The entries below are to be restated exactly, and their images are to be omitted.
--
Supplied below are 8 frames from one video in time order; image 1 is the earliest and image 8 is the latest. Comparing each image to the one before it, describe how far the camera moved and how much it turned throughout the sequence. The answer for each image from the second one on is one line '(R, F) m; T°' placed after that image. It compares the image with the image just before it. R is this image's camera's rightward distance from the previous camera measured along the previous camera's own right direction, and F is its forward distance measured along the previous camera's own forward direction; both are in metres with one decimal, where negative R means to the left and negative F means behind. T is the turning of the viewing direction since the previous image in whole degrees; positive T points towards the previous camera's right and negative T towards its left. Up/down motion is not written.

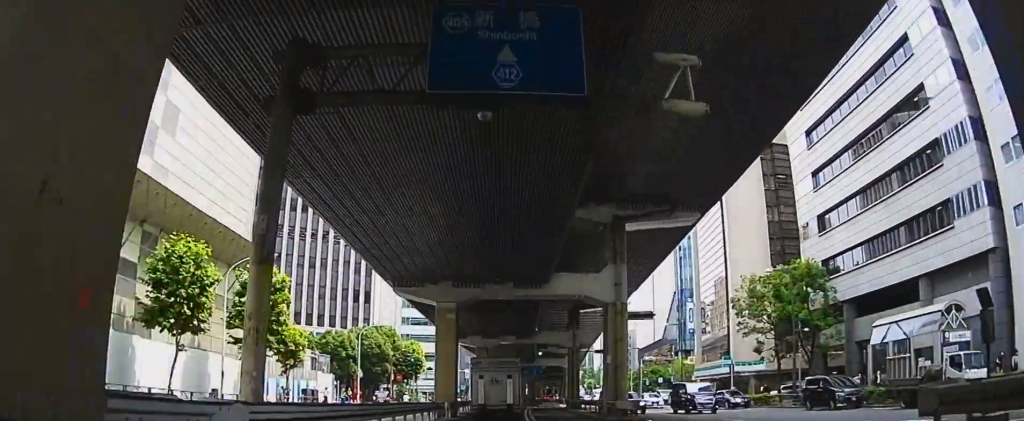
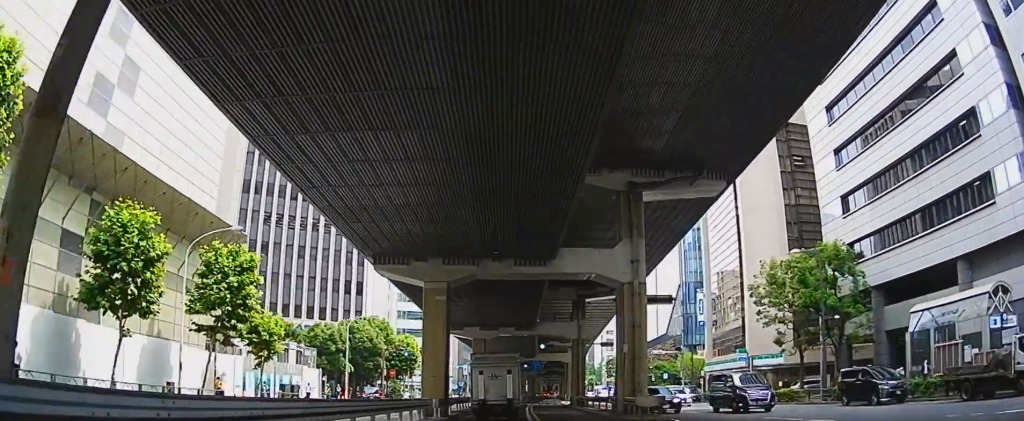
(+0.4, +4.0) m; +1°
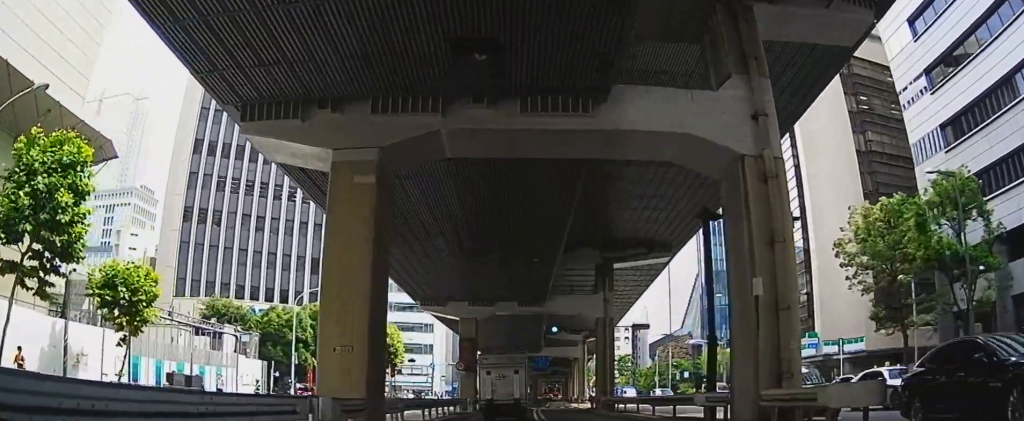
(-1.3, +11.4) m; -11°
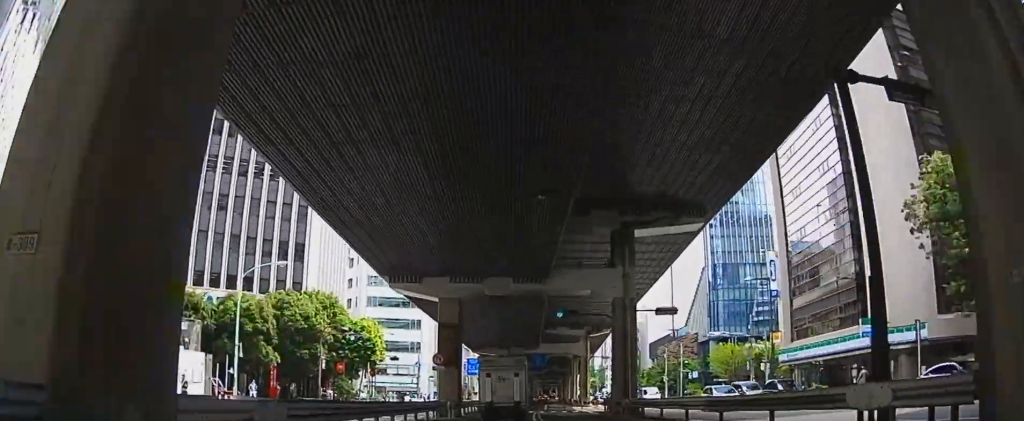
(-0.3, +7.0) m; -4°
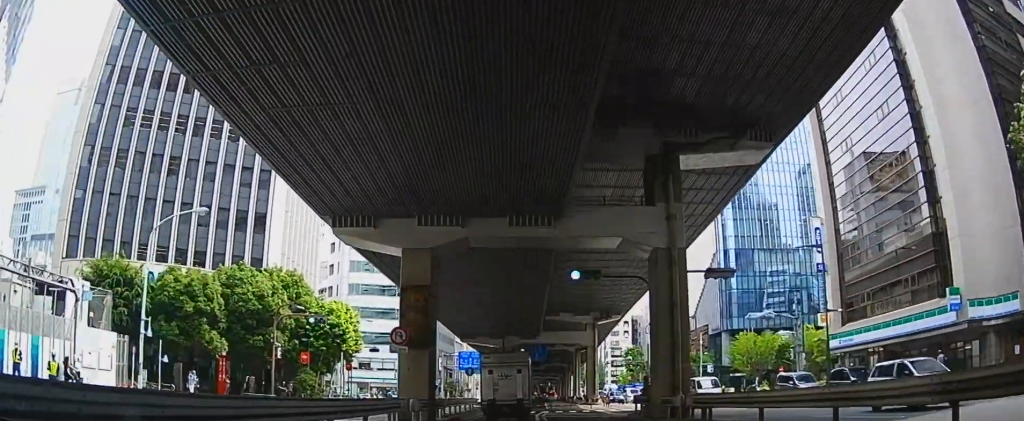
(-0.3, +7.8) m; -2°
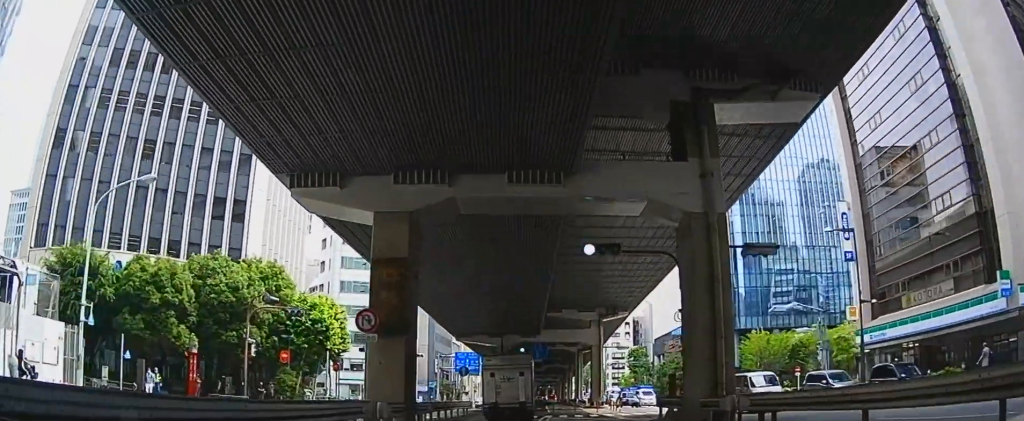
--
» **Your solution**
Supplied below are 8 frames from one video in time order; image 1 is the earliest and image 8 is the latest. Comparing each image to the one before it, describe how far the camera moved and how much it turned throughout the sequence. The answer for each image from the second one on is one line '(R, F) m; T°' placed after that image. It compares the image with the image just before it. R is this image's camera's rightward distance from the previous camera measured along the previous camera's own right direction, and F is its forward distance measured along the previous camera's own forward direction; both are in metres with one decimal, where negative R means to the left and negative F means behind. T is the turning of the viewing direction since the previous image in whole degrees; positive T points towards the previous camera's right and negative T towards its left. Up/down motion is not written.

(+0.4, +4.0) m; +1°
(-1.3, +11.4) m; -11°
(-0.3, +7.0) m; -4°
(-0.3, +7.8) m; -2°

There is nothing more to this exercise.